Look in the material below for the line with "The letterforms sit" and the line with "The image shows 61", then set down exactly those two lines and all lines between, nothing more.

________________

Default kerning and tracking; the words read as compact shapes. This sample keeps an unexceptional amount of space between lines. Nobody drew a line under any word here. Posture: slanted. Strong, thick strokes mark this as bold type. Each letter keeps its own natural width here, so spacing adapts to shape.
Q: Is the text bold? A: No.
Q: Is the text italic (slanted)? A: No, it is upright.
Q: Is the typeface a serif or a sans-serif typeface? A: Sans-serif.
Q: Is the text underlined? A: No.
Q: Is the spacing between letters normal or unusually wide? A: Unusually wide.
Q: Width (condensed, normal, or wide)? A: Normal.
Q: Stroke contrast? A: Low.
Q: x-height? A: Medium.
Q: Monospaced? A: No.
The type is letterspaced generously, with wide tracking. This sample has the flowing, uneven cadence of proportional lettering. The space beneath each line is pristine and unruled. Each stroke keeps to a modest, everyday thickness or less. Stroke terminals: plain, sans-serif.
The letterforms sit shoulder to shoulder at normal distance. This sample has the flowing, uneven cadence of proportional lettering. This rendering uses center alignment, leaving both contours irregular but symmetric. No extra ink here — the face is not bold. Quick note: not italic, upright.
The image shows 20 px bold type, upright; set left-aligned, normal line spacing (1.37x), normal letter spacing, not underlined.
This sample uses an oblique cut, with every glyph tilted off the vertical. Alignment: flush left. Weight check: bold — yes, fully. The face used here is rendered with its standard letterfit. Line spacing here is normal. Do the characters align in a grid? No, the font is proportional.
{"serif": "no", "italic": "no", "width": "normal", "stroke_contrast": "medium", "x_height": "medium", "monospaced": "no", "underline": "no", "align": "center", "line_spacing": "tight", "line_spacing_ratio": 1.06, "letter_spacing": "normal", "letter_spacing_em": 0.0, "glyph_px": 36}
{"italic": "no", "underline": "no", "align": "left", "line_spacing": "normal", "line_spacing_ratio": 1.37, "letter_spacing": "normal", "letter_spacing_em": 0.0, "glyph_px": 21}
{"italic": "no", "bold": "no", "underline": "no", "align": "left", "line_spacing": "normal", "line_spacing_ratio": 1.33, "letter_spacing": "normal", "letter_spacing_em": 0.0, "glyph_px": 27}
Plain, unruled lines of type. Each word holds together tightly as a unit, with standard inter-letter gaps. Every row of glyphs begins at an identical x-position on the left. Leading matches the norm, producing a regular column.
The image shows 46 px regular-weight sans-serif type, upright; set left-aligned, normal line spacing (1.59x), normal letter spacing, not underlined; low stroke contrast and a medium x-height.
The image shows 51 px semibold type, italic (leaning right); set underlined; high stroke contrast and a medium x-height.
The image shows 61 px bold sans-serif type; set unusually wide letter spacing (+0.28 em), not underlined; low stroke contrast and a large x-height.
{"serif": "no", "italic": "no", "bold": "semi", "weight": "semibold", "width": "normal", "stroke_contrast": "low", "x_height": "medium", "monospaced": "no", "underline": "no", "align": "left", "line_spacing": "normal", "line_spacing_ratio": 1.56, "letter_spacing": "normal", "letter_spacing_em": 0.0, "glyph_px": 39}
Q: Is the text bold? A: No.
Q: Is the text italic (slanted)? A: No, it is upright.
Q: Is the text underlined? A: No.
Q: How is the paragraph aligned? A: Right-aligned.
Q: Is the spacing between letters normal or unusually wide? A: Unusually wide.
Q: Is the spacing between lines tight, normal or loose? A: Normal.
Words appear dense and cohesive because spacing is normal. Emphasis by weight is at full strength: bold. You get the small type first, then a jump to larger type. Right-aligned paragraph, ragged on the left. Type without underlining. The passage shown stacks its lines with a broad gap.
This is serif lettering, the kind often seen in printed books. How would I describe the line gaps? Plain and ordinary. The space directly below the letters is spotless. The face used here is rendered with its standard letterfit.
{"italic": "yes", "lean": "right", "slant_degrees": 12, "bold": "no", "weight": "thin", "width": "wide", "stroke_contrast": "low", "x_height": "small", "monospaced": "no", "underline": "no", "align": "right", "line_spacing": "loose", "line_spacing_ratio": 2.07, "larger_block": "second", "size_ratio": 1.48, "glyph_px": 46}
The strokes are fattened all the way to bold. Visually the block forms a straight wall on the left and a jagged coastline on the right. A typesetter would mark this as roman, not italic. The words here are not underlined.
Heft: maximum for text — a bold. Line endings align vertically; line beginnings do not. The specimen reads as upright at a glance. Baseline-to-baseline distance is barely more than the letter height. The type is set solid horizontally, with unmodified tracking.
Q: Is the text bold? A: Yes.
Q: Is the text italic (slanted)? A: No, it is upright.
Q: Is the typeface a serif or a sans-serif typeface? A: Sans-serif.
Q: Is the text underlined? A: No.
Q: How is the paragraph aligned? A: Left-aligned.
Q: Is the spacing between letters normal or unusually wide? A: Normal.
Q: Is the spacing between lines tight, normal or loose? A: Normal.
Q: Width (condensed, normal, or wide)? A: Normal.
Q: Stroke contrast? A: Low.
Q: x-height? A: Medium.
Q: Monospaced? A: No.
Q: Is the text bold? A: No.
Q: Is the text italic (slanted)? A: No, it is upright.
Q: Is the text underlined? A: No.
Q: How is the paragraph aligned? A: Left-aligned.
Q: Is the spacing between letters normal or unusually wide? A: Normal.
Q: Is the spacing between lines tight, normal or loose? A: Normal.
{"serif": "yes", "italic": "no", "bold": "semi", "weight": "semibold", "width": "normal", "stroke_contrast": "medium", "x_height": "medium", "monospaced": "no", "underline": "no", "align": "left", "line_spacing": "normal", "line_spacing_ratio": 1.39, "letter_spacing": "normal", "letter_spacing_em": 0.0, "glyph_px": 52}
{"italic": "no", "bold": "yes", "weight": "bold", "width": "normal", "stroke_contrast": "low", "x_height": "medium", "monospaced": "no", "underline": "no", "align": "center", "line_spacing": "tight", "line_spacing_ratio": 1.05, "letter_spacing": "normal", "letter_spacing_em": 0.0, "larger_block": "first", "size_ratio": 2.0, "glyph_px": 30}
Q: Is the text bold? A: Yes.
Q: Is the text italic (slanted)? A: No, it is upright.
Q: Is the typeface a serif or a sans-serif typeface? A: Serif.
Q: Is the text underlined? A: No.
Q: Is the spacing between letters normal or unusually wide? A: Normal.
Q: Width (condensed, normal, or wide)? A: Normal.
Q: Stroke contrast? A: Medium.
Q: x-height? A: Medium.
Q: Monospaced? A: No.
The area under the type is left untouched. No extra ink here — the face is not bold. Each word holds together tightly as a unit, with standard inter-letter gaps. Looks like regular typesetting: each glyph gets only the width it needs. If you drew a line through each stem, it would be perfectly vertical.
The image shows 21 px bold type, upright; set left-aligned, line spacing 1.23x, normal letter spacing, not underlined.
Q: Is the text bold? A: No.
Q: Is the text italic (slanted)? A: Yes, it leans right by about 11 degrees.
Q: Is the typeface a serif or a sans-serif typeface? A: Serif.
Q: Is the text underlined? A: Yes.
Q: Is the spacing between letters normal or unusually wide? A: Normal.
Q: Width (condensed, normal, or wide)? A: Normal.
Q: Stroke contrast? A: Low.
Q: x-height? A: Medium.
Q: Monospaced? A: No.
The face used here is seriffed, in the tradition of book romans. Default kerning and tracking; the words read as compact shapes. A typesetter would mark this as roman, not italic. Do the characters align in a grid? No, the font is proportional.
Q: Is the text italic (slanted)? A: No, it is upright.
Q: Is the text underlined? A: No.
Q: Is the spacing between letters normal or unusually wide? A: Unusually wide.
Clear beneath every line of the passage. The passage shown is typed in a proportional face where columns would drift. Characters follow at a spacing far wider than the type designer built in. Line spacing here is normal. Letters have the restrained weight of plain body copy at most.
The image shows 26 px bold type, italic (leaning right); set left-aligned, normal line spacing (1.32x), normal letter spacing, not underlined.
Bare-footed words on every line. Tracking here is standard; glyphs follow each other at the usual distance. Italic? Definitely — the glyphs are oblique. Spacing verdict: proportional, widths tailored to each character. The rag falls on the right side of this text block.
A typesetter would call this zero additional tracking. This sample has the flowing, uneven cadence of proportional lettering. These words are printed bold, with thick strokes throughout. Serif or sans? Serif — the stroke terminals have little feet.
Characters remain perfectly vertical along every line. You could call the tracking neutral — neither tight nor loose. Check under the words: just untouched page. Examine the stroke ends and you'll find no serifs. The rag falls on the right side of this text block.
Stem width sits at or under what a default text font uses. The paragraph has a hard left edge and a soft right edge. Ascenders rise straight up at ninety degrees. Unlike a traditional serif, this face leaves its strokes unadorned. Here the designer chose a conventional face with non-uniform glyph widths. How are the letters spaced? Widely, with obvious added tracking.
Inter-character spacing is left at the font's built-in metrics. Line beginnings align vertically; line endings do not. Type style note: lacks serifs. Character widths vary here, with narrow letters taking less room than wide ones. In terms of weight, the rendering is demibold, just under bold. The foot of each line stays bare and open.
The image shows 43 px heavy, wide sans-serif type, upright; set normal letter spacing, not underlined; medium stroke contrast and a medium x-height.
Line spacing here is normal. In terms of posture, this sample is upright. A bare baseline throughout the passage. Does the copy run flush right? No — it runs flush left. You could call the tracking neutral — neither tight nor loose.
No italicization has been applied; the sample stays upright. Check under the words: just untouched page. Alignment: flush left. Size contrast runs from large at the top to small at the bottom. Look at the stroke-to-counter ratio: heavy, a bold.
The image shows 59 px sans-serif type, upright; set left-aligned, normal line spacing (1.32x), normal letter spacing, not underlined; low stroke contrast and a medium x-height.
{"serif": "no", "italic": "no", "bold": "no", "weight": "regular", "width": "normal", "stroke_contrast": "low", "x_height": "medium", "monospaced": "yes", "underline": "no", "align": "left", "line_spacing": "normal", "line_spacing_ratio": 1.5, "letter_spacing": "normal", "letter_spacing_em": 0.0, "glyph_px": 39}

________________

Response
The letterforms sit shoulder to shoulder at normal distance. This sample has the flowing, uneven cadence of proportional lettering. This rendering uses center alignment, leaving both contours irregular but symmetric. No extra ink here — the face is not bold. Quick note: not italic, upright.
The image shows 20 px bold type, upright; set left-aligned, normal line spacing (1.37x), normal letter spacing, not underlined.
This sample uses an oblique cut, with every glyph tilted off the vertical. Alignment: flush left. Weight check: bold — yes, fully. The face used here is rendered with its standard letterfit. Line spacing here is normal. Do the characters align in a grid? No, the font is proportional.
{"serif": "no", "italic": "no", "width": "normal", "stroke_contrast": "medium", "x_height": "medium", "monospaced": "no", "underline": "no", "align": "center", "line_spacing": "tight", "line_spacing_ratio": 1.06, "letter_spacing": "normal", "letter_spacing_em": 0.0, "glyph_px": 36}
{"italic": "no", "underline": "no", "align": "left", "line_spacing": "normal", "line_spacing_ratio": 1.37, "letter_spacing": "normal", "letter_spacing_em": 0.0, "glyph_px": 21}
{"italic": "no", "bold": "no", "underline": "no", "align": "left", "line_spacing": "normal", "line_spacing_ratio": 1.33, "letter_spacing": "normal", "letter_spacing_em": 0.0, "glyph_px": 27}
Plain, unruled lines of type. Each word holds together tightly as a unit, with standard inter-letter gaps. Every row of glyphs begins at an identical x-position on the left. Leading matches the norm, producing a regular column.
The image shows 46 px regular-weight sans-serif type, upright; set left-aligned, normal line spacing (1.59x), normal letter spacing, not underlined; low stroke contrast and a medium x-height.
The image shows 51 px semibold type, italic (leaning right); set underlined; high stroke contrast and a medium x-height.
The image shows 61 px bold sans-serif type; set unusually wide letter spacing (+0.28 em), not underlined; low stroke contrast and a large x-height.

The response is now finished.